Q: What are some tips and tricks for solving problems involving inverse variation?

A: Here are a few tips and tricks to help you solve problems involving inverse variation:

Read the problem carefully: Make sure you understand what the problem is asking for.
Identify the variables: Identify the variables and the constant of variation.
Write the equation: Write the equation in the form $y = \frac{k}{x}$ .
Solve for the variable: Solve for the variable by substituting the given values into the equation.

Q: What are some practice problems to help me practice solving problems involving inverse variation?

A: Here are a few practice problems to help you practice solving problems involving inverse variation:

Problem 1: $S$ varies inversely as $G$ . If $S$ is 12 when $G$ is 3, write the variation equation and find $S$ when $G$ is 6.
Problem 2: $P$ varies inversely as $Q$ . If $P$ is 15 when $Q$ is 2, write the variation equation and find $P$ when $Q$ is 4.
Problem 3: $R$ varies inversely as $S$ . If $R$ is 20 when $S$ is 5, write the variation equation and find $R$ when $S$ is 10.

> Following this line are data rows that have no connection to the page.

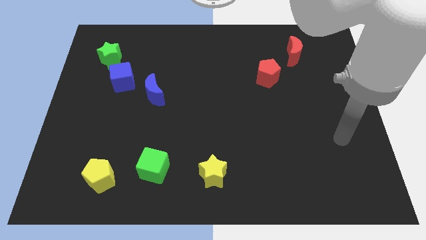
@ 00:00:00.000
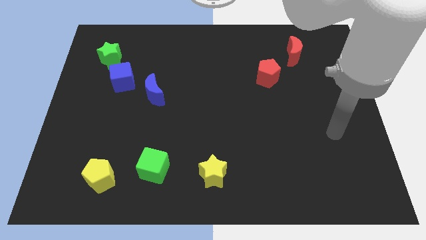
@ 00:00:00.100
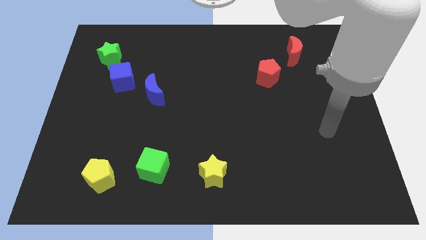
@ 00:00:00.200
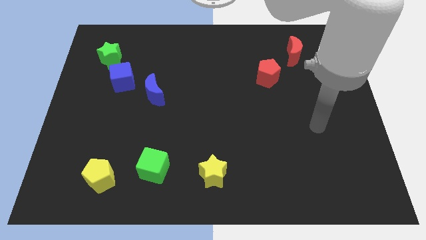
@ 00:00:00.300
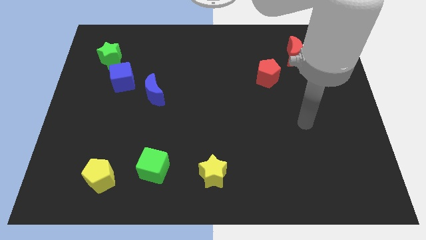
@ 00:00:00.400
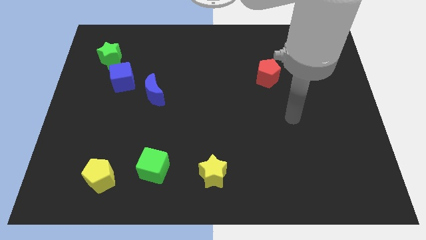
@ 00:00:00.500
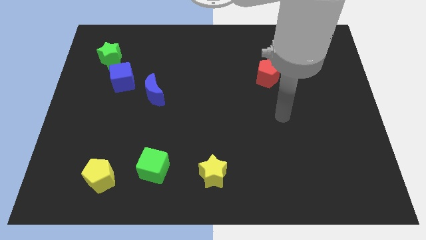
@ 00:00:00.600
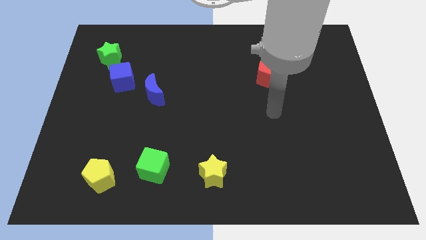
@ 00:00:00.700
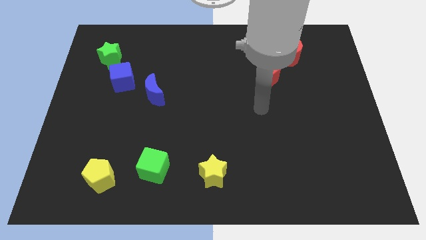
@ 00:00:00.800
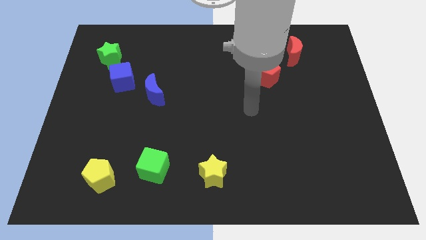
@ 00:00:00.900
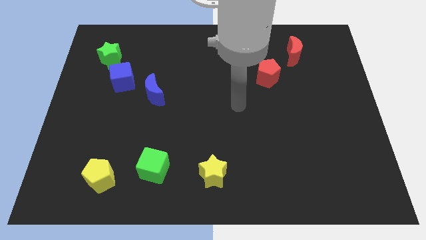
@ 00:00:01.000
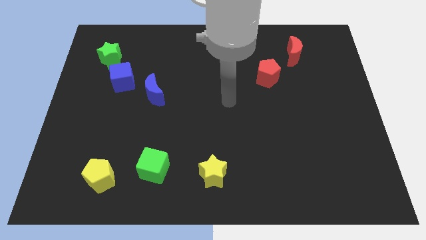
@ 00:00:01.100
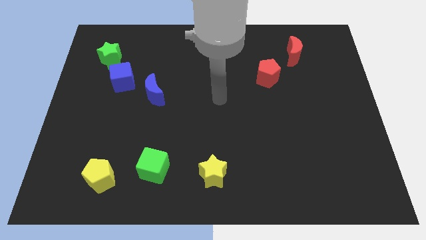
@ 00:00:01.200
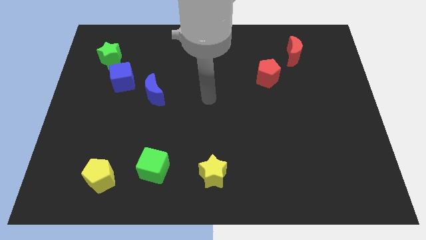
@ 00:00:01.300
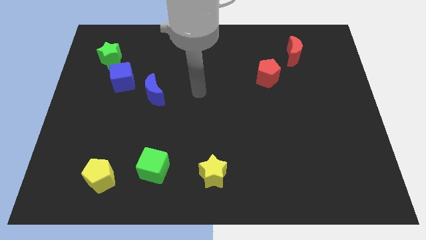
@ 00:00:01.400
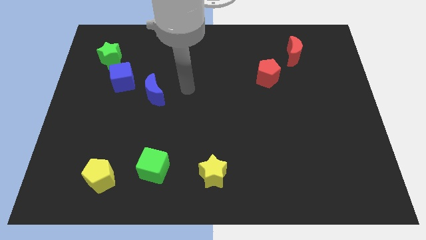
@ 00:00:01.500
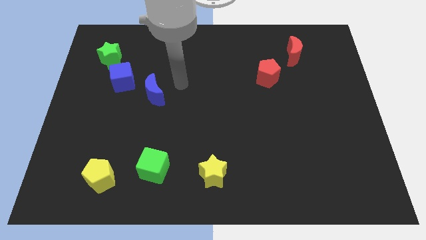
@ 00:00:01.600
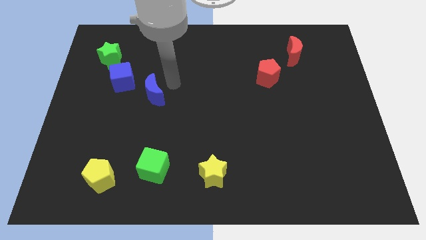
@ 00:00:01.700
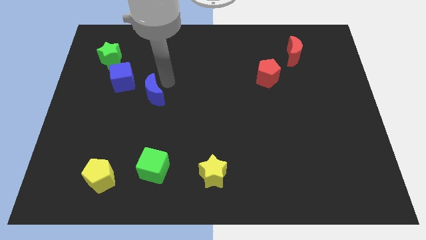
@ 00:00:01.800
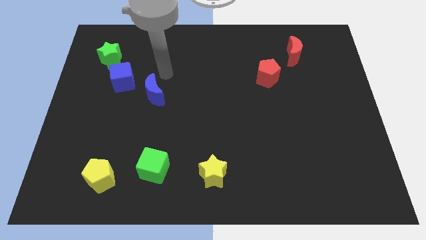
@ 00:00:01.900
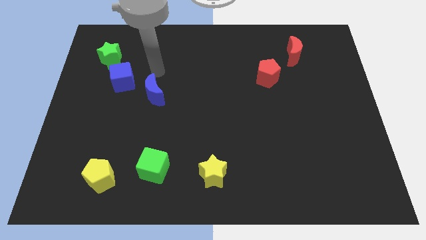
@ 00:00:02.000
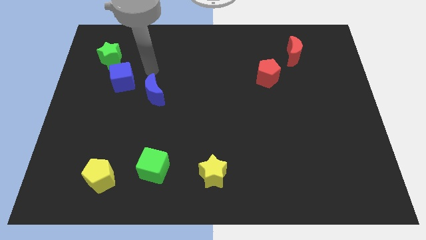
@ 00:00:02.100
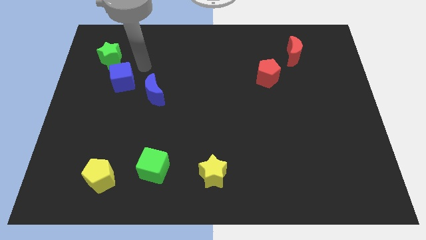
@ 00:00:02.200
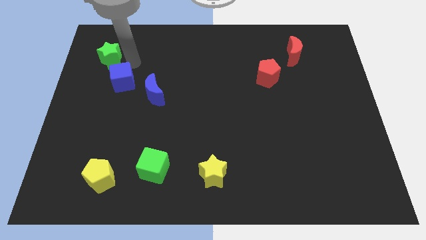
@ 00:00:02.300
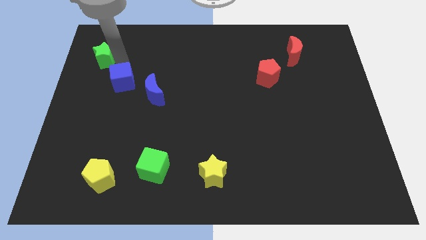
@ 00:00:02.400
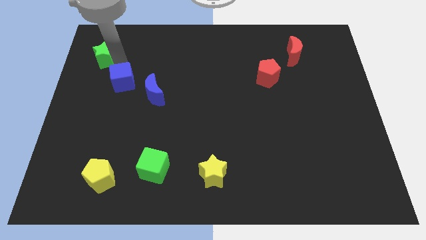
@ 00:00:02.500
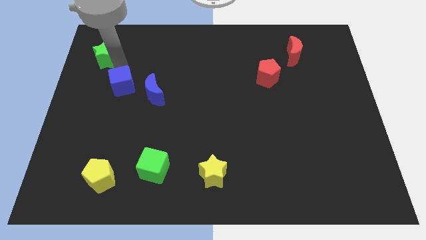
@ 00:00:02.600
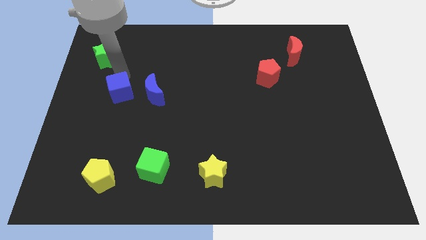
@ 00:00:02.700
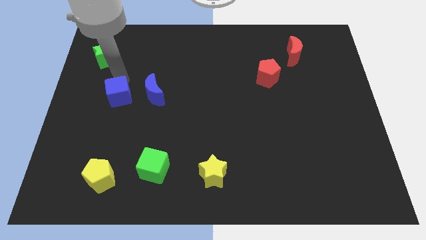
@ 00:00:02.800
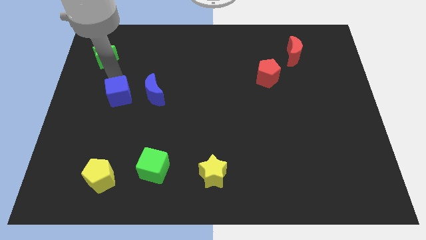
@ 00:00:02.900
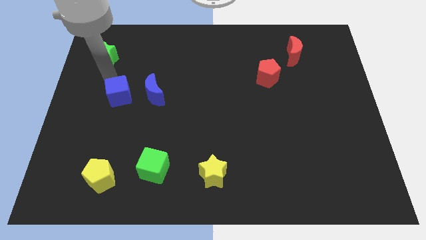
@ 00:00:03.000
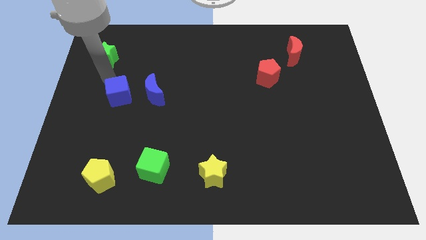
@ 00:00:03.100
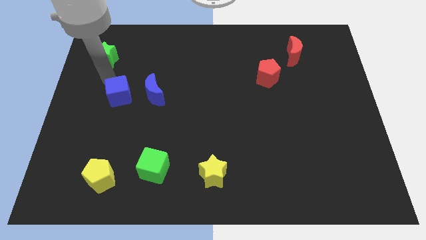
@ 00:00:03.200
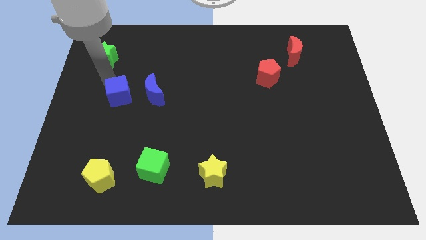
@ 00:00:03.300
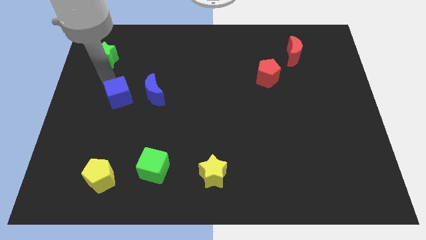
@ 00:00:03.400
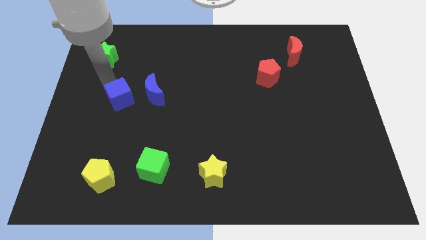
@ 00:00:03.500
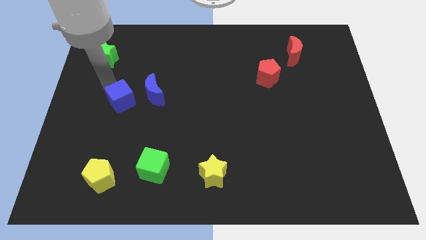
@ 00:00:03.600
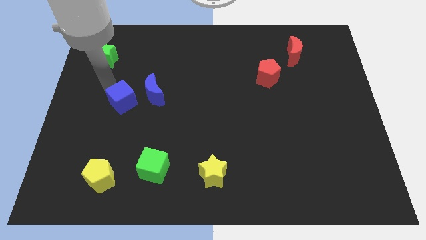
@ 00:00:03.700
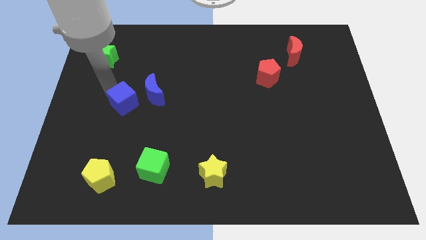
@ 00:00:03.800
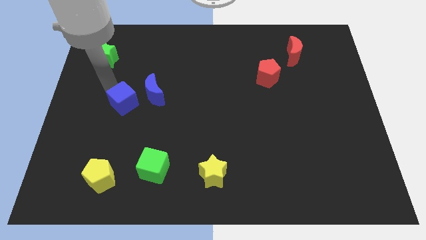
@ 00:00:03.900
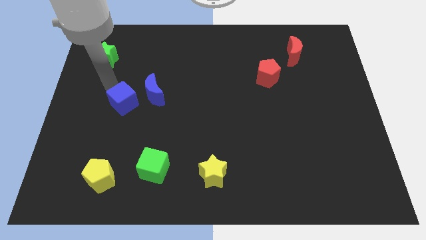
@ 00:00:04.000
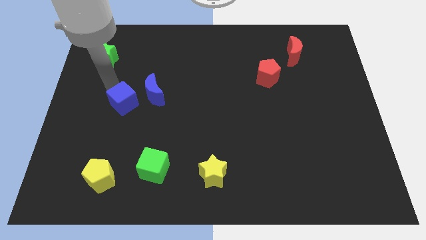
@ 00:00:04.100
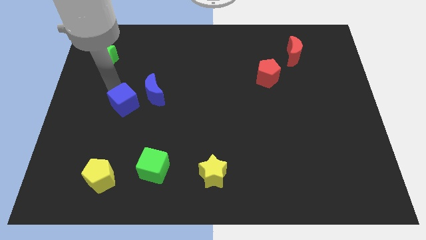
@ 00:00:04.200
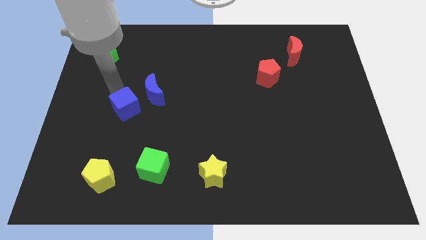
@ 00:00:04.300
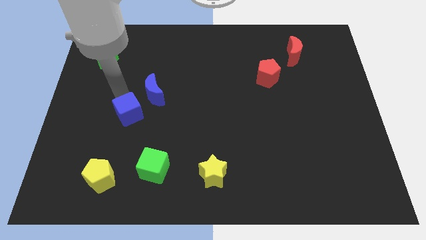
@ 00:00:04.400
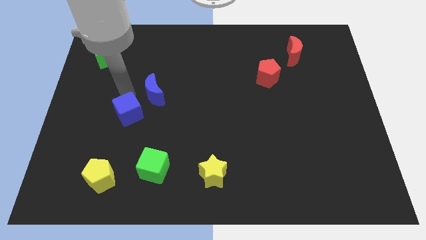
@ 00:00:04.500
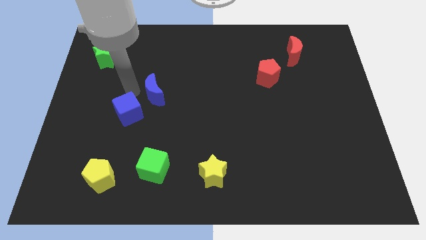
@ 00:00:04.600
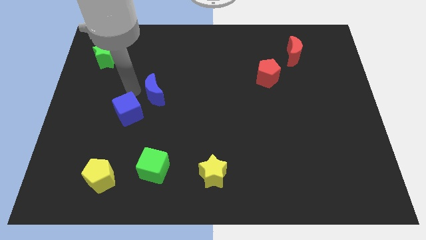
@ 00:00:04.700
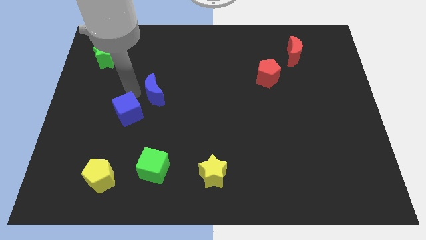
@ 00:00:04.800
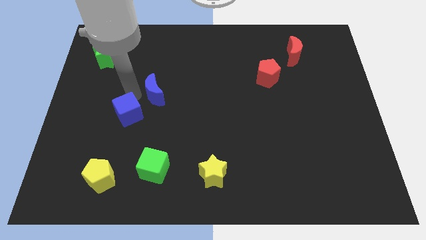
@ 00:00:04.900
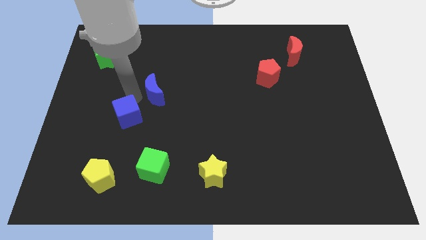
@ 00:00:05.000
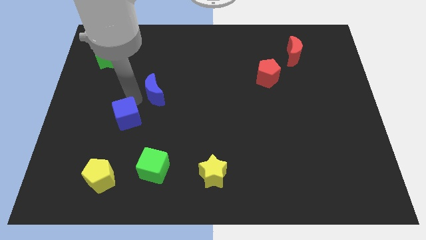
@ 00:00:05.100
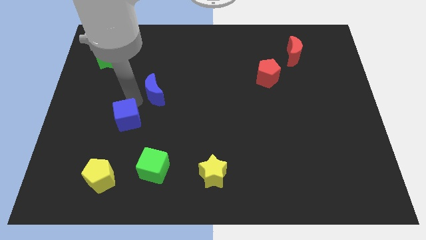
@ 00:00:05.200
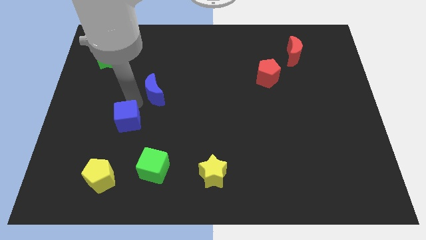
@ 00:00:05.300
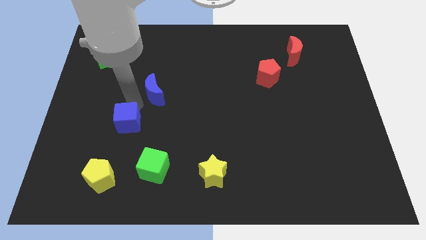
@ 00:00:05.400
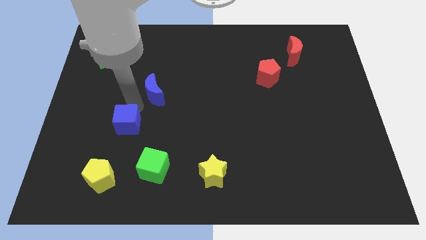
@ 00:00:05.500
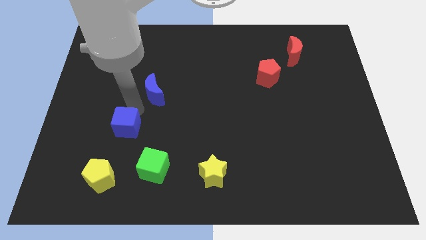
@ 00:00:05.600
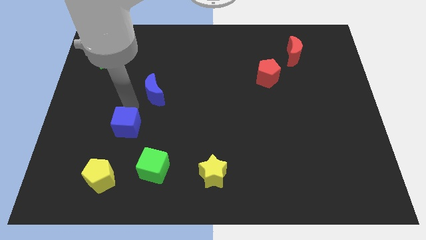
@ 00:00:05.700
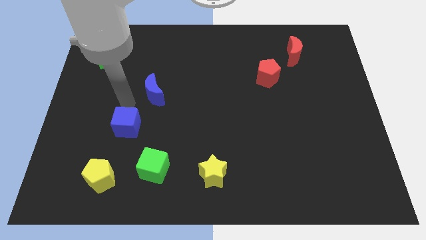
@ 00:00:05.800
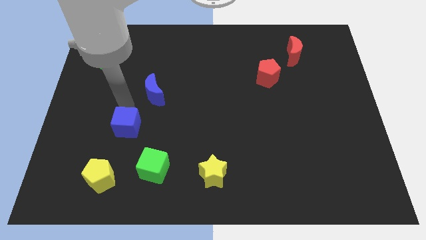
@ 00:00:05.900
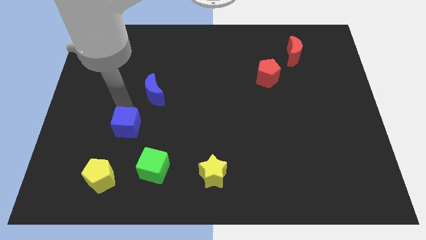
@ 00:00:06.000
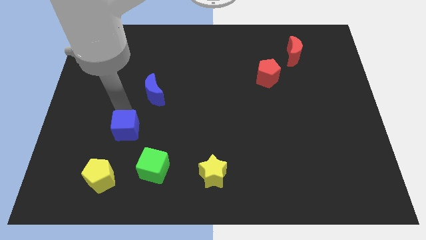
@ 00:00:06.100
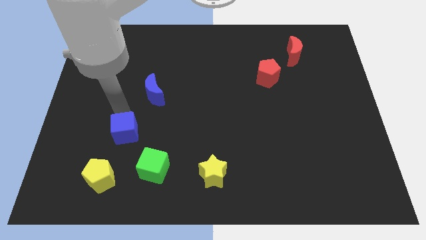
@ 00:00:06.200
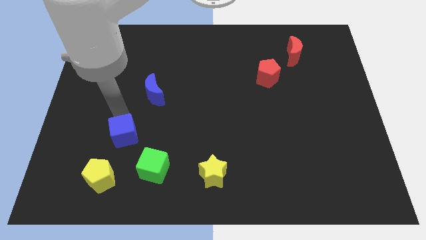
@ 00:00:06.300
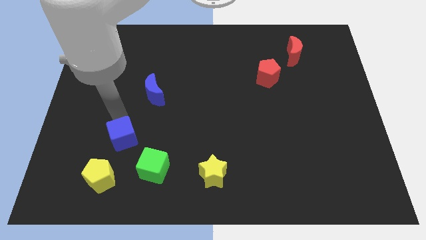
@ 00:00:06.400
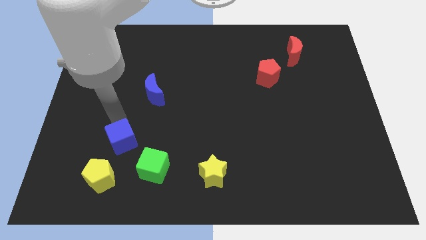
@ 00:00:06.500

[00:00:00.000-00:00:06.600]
put the blue cube to the top right side of the yellow pentagon

Q: What are the answers to the practice problems?

A: Here are the answers to the practice problems:

Problem 1: $S = \frac{36}{G}$ , $S = 6$ when $G$ is 6.
Problem 2: $P = \frac{30}{Q}$ , $P = 7.5$ when $Q$ is 4.
Problem 3: $R = \frac{40}{S}$ , $R = 4$ when $S$ is 10.

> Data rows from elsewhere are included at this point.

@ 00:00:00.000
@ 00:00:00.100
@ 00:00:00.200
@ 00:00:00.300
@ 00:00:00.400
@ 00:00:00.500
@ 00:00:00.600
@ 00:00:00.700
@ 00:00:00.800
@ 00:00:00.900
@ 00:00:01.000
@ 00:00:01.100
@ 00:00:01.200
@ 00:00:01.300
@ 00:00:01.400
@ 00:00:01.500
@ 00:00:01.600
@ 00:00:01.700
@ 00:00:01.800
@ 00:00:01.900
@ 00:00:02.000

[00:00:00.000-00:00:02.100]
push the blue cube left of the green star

Inverse variation is a powerful tool for solving problems in a variety of fields, including physics, economics, and biology. By understanding the concept of inverse variation and how to write a variation equation, you can solve problems involving inverse variation with ease. Remember to read the problem carefully, identify the variables and the constant of variation, and write the equation in the form $y = \frac{k}{x}$ . With practice and patience, you will become proficient in solving problems involving inverse variation.